Eka shakuelem, le projet auquel le Cégep a collaboré du 1er au 7 juin, s’insère dans le volet Médiation et engagement des publics du Festival. Le site Web du FTA précise ceci : « Le développement des publics, en particulier des jeunes, est au cœur de la mission du FTA. Depuis ses débuts, le Festival innove avec des programmes d’éducation artistique, des séjours immersifs et des ateliers menés par des artistes professionnelles et professionnels. » Le Secteur de l’animation culturelle, le Centre d’animation en français (CANIF), les étudiantes et étudiants du salon Uapineuat ainsi que le FTA se rencontre avec cette volonté d’offrir des occasions de création, de découvertes et d’épanouissement de soi à travers les arts.

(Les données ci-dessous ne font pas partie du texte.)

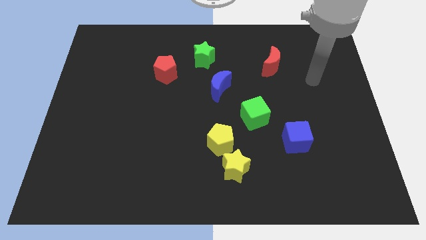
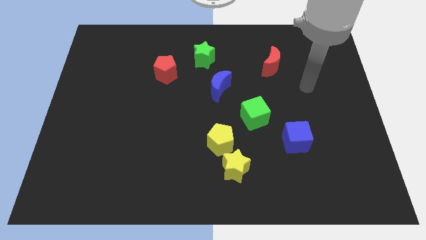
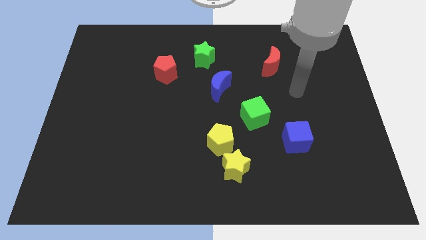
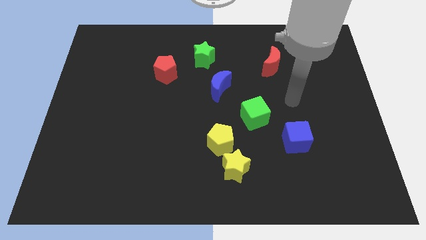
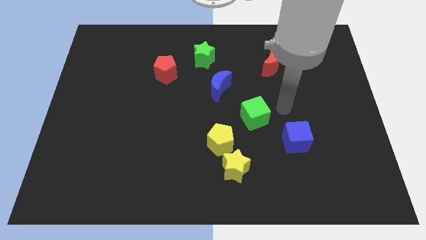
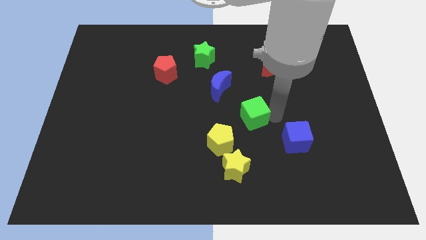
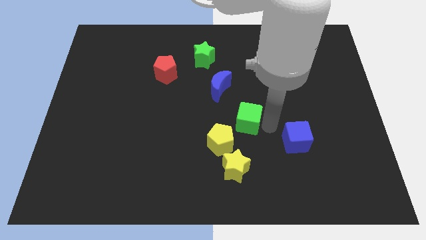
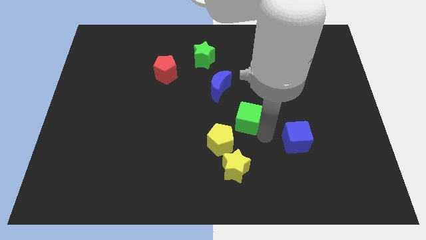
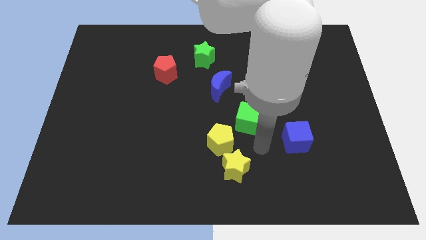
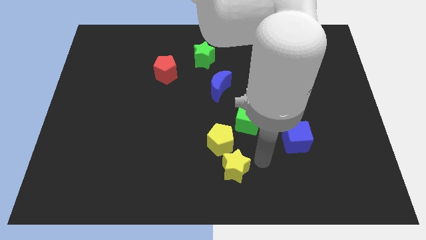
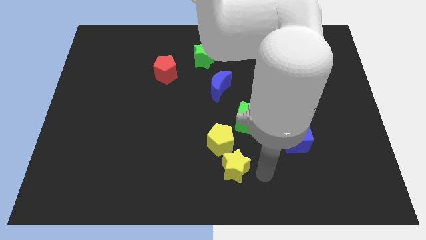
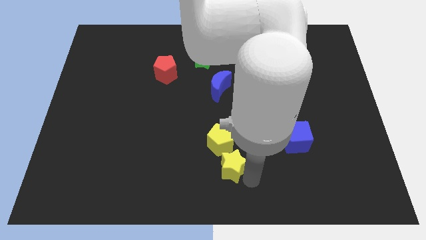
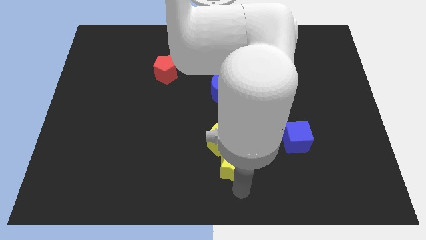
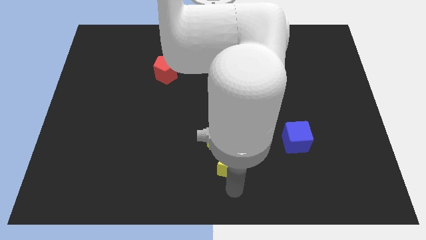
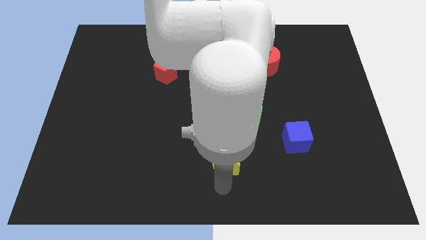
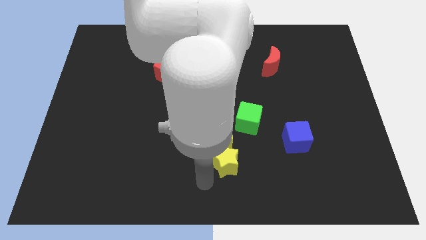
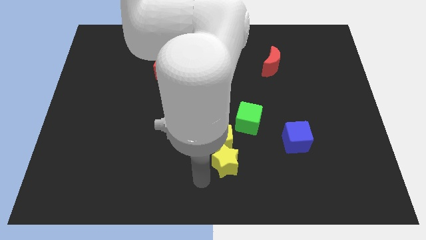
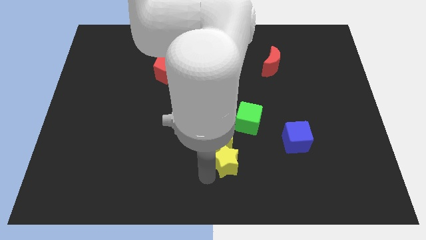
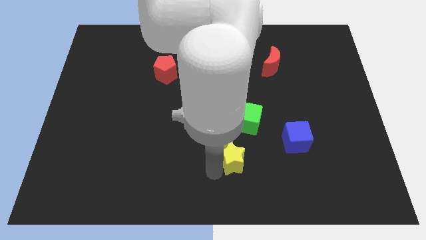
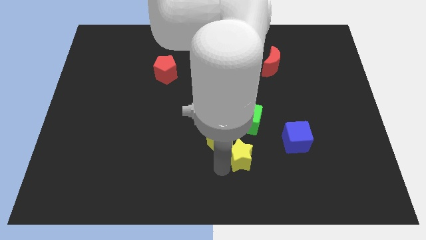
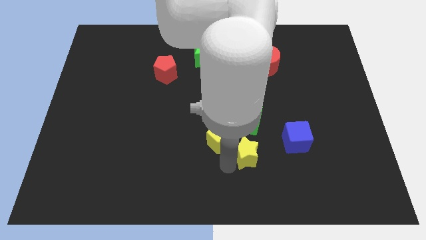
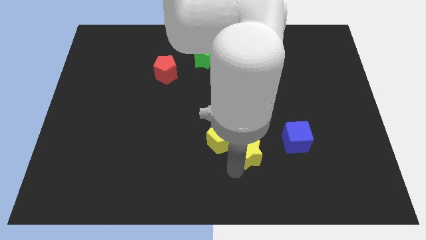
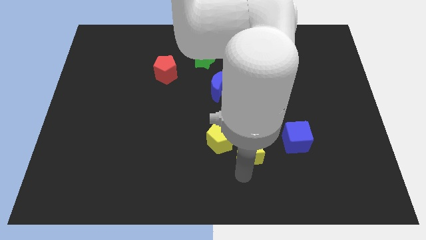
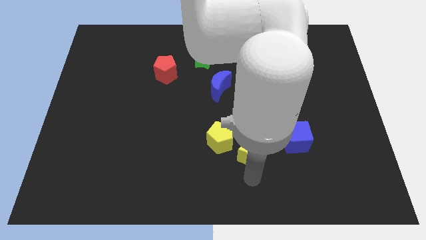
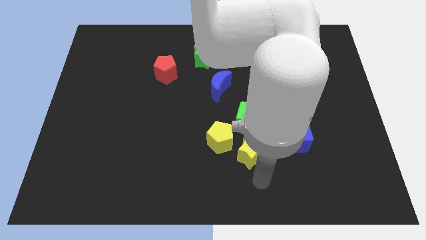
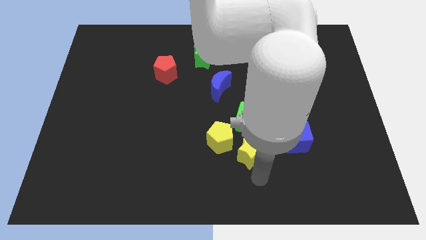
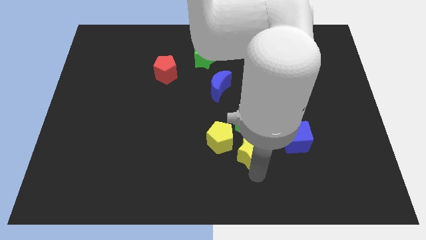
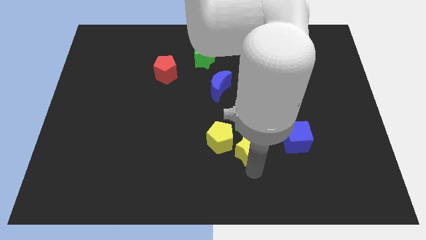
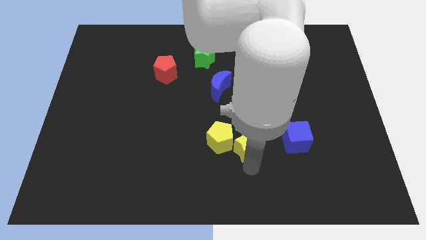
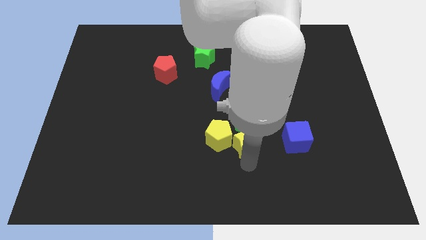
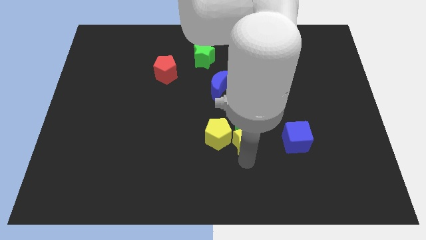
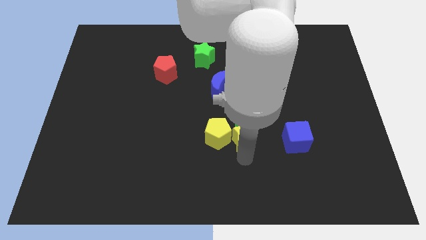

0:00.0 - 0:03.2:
slightly move the yellow star upwards

Eka shakuelem, qui signifie « ne sois pas timide » en langue innu aimun, est un projet qui rassemble une dizaine de jeunes des Premiers Peuples de 18 à 30 ans (dont Lauryna Tshirnish-Grégoire et Stéphanie Grégoire Vaillancourt, du CVM) ainsi que des médiatrices et médiateurs autochtones (Charles Bender, Kuniss Drouin et Barbara Kaneratonni Diabo). Pendant une semaine, les personnes participantes plongent au cœur des arts vivants en assistant à des spectacles, en rencontrant des artistes de la scène locale et internationale et en participant à des ateliers afin d’explorer les différentes facettes du monde des arts de la scène et de découvrir les professions qui s’y rattachent.

Le mardi 2 juin, les élèves du CVM issus des Premiers Peuples se sont joints au groupe d’Eka shakuelem pour une soirée en leur compagnie au théâtre Jean-Duceppe. Une occasion de se rencontrer, de faire Festival et de contribuer ensemble à une vision plus juste du monde.